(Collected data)
=== Section Start ===

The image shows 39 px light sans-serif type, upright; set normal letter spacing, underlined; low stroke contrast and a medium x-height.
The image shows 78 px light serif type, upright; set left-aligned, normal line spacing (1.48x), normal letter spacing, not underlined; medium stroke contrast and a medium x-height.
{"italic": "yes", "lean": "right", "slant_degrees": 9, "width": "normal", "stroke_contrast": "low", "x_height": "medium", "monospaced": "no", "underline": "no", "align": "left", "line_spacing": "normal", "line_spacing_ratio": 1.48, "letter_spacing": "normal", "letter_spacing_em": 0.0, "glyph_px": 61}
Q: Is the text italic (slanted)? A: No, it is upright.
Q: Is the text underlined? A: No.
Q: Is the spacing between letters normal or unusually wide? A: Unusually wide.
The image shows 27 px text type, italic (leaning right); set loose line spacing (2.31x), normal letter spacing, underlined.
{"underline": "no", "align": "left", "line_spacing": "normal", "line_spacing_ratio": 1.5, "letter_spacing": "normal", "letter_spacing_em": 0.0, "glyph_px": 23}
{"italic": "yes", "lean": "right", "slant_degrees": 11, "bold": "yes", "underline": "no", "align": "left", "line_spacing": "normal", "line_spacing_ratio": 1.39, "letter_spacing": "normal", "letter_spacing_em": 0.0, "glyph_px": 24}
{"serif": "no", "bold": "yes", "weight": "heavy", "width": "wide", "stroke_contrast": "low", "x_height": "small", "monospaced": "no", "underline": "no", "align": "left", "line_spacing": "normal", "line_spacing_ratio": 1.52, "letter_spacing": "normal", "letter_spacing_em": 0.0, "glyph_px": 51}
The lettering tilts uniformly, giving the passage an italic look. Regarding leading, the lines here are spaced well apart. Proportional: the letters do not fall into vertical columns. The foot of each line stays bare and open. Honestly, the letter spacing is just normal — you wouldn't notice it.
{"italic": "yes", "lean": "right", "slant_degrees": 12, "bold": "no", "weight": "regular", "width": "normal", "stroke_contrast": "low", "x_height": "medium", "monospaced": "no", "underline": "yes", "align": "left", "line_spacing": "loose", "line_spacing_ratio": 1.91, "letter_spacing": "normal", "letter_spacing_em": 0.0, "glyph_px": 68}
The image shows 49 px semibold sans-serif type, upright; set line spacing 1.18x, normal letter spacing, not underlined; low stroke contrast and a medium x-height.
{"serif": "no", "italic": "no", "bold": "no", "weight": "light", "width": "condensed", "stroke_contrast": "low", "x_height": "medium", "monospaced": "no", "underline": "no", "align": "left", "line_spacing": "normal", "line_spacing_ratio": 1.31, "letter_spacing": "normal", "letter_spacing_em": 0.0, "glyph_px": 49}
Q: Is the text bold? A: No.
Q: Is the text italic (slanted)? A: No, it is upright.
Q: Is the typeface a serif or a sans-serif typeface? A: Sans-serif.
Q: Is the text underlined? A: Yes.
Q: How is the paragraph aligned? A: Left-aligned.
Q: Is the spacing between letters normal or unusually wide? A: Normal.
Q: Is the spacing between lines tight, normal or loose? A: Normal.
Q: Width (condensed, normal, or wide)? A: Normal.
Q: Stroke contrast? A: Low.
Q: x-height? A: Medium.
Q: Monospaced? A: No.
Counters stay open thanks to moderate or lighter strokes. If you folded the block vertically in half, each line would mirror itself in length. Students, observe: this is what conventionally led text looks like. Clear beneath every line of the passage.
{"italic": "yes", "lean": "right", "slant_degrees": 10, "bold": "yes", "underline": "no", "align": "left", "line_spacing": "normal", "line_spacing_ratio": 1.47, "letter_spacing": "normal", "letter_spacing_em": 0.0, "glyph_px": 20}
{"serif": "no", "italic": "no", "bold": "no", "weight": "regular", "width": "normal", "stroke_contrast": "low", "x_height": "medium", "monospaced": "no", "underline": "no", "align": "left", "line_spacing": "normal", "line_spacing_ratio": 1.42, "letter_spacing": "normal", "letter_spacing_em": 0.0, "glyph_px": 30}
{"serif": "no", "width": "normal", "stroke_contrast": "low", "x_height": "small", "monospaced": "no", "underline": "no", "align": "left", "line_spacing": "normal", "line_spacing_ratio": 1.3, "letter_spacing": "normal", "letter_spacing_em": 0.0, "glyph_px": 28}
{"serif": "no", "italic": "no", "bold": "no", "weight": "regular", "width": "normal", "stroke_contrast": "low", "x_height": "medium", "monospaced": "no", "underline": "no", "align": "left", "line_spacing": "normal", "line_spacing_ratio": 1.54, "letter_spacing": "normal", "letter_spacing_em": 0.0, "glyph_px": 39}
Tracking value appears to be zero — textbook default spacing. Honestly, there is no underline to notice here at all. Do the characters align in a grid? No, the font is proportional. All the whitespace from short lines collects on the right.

=== Section End ===

▶ _Work instruction_
From the records above, give again exactly the lines running from the line with "wide? A: Normal." to the line with "Q: Monospaced? A: No.", inclusive.

▶ _Written reply_
Q: Is the spacing between letters normal or unusually wide? A: Normal.
Q: Is the spacing between lines tight, normal or loose? A: Normal.
Q: Width (condensed, normal, or wide)? A: Normal.
Q: Stroke contrast? A: Low.
Q: x-height? A: Medium.
Q: Monospaced? A: No.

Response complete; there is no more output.